Although existing therapies are prolonging progression-free survival (PFS), the debate as to what frontline endocrine therapy to use and whether to partner it with a CDK 4/6 inhibitor in patients with hormone receptor (HR)-positive breast cancer continues to evolve, explained Debu Tripathy, MD.

“If we cross some of the significant biological barriers and figure out why patients develop resistance to these drugs, we can push [the PFS] out further and maybe obviate the need for the more toxic therapies altogether.”

In an interview during the 2018 OncLive® State of the Science Summit™ on Breast Cancer, Tripathy, professor and chairman, Department of Breast Medical Oncology, Division of Cancer Medicine, The University of Texas MD Anderson Cancer Center, tracked the evolution of treatment of patients with metastatic HR-positive breast cancer.

OncLive: How has the management of advanced HR-positive breast cancer evolved?

Tripathy: This an area that has evolved a lot in the last few years. The most important thing about treating patients with metastatic HR-positive breast cancer is to confirm the histology at the time of initial diagnosis. You want to make sure that the patient truly has breast cancer metastasis depending on where the easiest lesion to biopsy is. That may be in the lung, the liver, or sometimes in the bone. It’s also important to check the estrogen, progesterone, and HER2 receptors since that can sometimes change from what the primary tumor was. Of course, it also serves as a confirmatory diagnosis for patients who present with metastatic breast cancer.
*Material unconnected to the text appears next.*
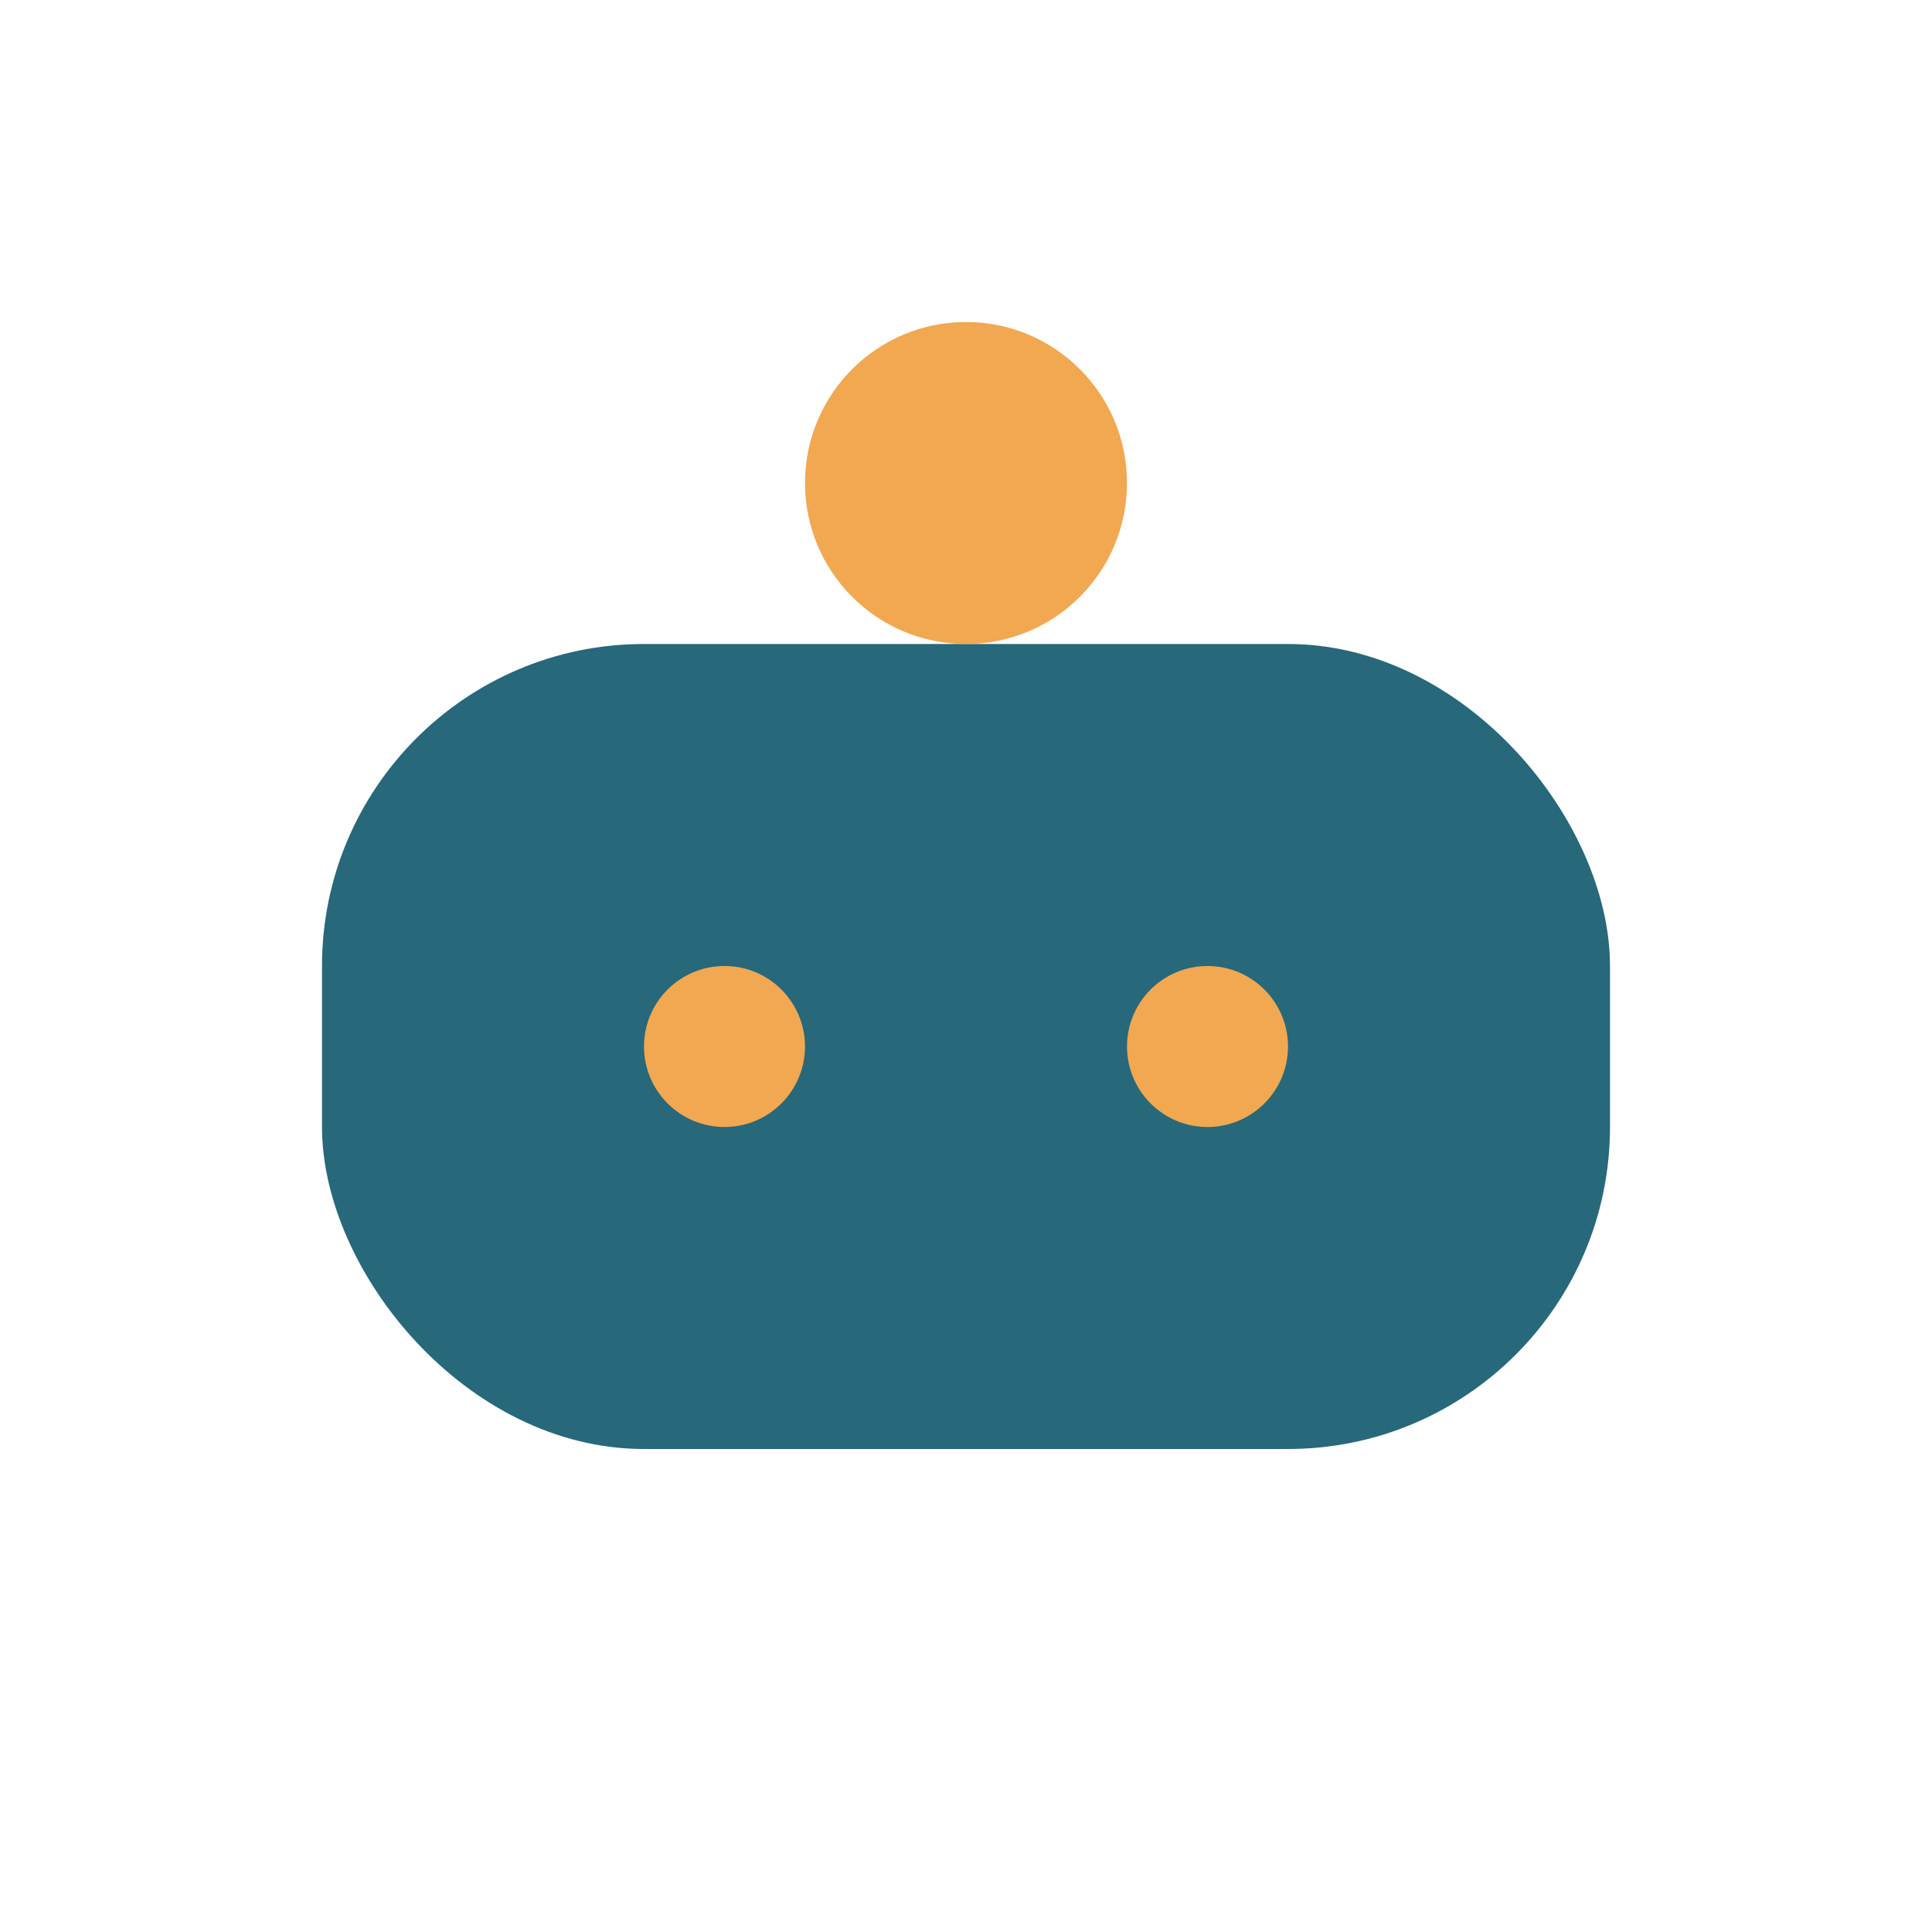<?xml version="1.0" encoding="UTF-8"?>
<svg xmlns="http://www.w3.org/2000/svg" width="24" height="24" viewBox="0 0 24 24"><rect x="4" y="8" width="16" height="10" rx="4" fill="#27687A"/><circle cx="12" cy="6" r="2" fill="#F1A851"/><circle cx="9" cy="13" r="1" fill="#F1A851"/><circle cx="15" cy="13" r="1" fill="#F1A851"/></svg>

Over the last several decades, the pendulum has shifted to treating patients with metastatic breast cancer according to receptor subtype. For patients with HR-positive, HER2-negative breast cancers, the general paradigm for treatment is to use endocrine therapy first. As recently as 1 decade ago, chemotherapy was the first treatment that patients would get.

We now know that if we start with endocrine therapy for most cases, patients will have a better quality of life (QOL). Though randomized studies have been few and far between, the ones that have been done suggest that survival is the same and some data show that survival is better. From a QOL standpoint, we certainly feel that endocrine therapy is the best initial treatment for most patients.
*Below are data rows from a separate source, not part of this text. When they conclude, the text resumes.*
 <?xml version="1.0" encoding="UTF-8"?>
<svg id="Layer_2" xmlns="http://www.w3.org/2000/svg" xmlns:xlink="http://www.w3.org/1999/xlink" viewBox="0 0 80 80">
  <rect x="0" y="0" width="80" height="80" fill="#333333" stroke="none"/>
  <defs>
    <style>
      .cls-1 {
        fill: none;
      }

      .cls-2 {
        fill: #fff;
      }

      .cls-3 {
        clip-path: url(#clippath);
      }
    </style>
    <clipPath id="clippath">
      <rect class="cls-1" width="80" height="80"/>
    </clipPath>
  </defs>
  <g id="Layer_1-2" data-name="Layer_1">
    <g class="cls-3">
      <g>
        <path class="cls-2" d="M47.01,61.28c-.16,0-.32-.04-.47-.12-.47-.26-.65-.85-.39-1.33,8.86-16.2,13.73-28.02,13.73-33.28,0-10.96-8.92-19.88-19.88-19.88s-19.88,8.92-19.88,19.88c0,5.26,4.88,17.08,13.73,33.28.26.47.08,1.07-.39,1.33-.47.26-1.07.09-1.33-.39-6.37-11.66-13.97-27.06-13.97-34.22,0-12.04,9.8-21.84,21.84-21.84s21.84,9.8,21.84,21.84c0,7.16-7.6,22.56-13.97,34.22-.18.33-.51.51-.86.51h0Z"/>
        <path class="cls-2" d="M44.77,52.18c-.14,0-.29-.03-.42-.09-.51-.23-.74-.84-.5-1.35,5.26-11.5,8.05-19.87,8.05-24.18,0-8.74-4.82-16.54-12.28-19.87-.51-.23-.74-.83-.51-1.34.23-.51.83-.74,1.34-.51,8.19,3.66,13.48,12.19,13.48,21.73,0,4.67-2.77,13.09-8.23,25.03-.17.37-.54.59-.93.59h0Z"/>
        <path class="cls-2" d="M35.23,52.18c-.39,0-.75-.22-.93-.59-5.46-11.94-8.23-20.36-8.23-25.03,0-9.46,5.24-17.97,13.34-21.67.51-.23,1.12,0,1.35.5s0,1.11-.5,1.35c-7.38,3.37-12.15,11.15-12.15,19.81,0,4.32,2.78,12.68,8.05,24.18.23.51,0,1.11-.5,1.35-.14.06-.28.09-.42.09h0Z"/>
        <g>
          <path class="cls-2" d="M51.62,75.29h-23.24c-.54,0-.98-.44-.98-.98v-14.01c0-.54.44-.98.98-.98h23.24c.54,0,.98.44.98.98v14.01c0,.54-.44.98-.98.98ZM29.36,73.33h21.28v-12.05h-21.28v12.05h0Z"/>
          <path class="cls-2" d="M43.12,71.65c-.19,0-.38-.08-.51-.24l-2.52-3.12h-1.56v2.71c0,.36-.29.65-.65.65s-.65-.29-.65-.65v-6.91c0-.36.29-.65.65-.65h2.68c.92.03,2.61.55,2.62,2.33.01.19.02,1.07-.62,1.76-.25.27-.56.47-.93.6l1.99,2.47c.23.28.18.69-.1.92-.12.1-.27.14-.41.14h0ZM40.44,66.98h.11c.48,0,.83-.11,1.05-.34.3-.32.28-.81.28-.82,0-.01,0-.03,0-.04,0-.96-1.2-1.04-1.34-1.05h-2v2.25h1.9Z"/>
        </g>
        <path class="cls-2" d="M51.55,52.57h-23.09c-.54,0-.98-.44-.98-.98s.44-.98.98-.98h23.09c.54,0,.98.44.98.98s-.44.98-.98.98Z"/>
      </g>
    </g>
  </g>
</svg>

There are exceptions to this. In patients with rapidly progressive cancer or extensive visceral burden, we will sometimes start with chemotherapy. If they achieve a response, then we convert them to maintenance hormonal or endocrine therapy.

Over the last 5 to 7 years, there has been a shift in how we approach patients with HR-positive breast cancer, primarily because of what we learned from patients who become resistant to endocrine therapy. The first set of discoveries revolve around growth factor receptor pathways, which seem to be overactive in patients with refractory disease. On this basis, several trials have been done to target various growth factor receptor pathways.

The mTOR inhibitor everolimus (Afinitor) was the first one to be approved in 2012 in partnership with second-line endocrine therapy with fulvestrant (Faslodex). That has now become a standard of care. More recently, treatment with CDK inhibitors has been paired with both first- and second-line therapy.

Initially, tamoxifen was our treatment of choice for patients with any type of HR-positive breast cancer. Aromatase inhibitors (AIs) were introduced later. The AIs, when compared with tamoxifen in the trials done in the 1990s, showed that they were about equally effective. Some of the studies showed that AIs were slightly better, but the one big difference was the risk of thrombosis. Thrombosis is elevated in patients with metastatic breast cancer. That was not a problem with the AIs, so this became the first-line therapy.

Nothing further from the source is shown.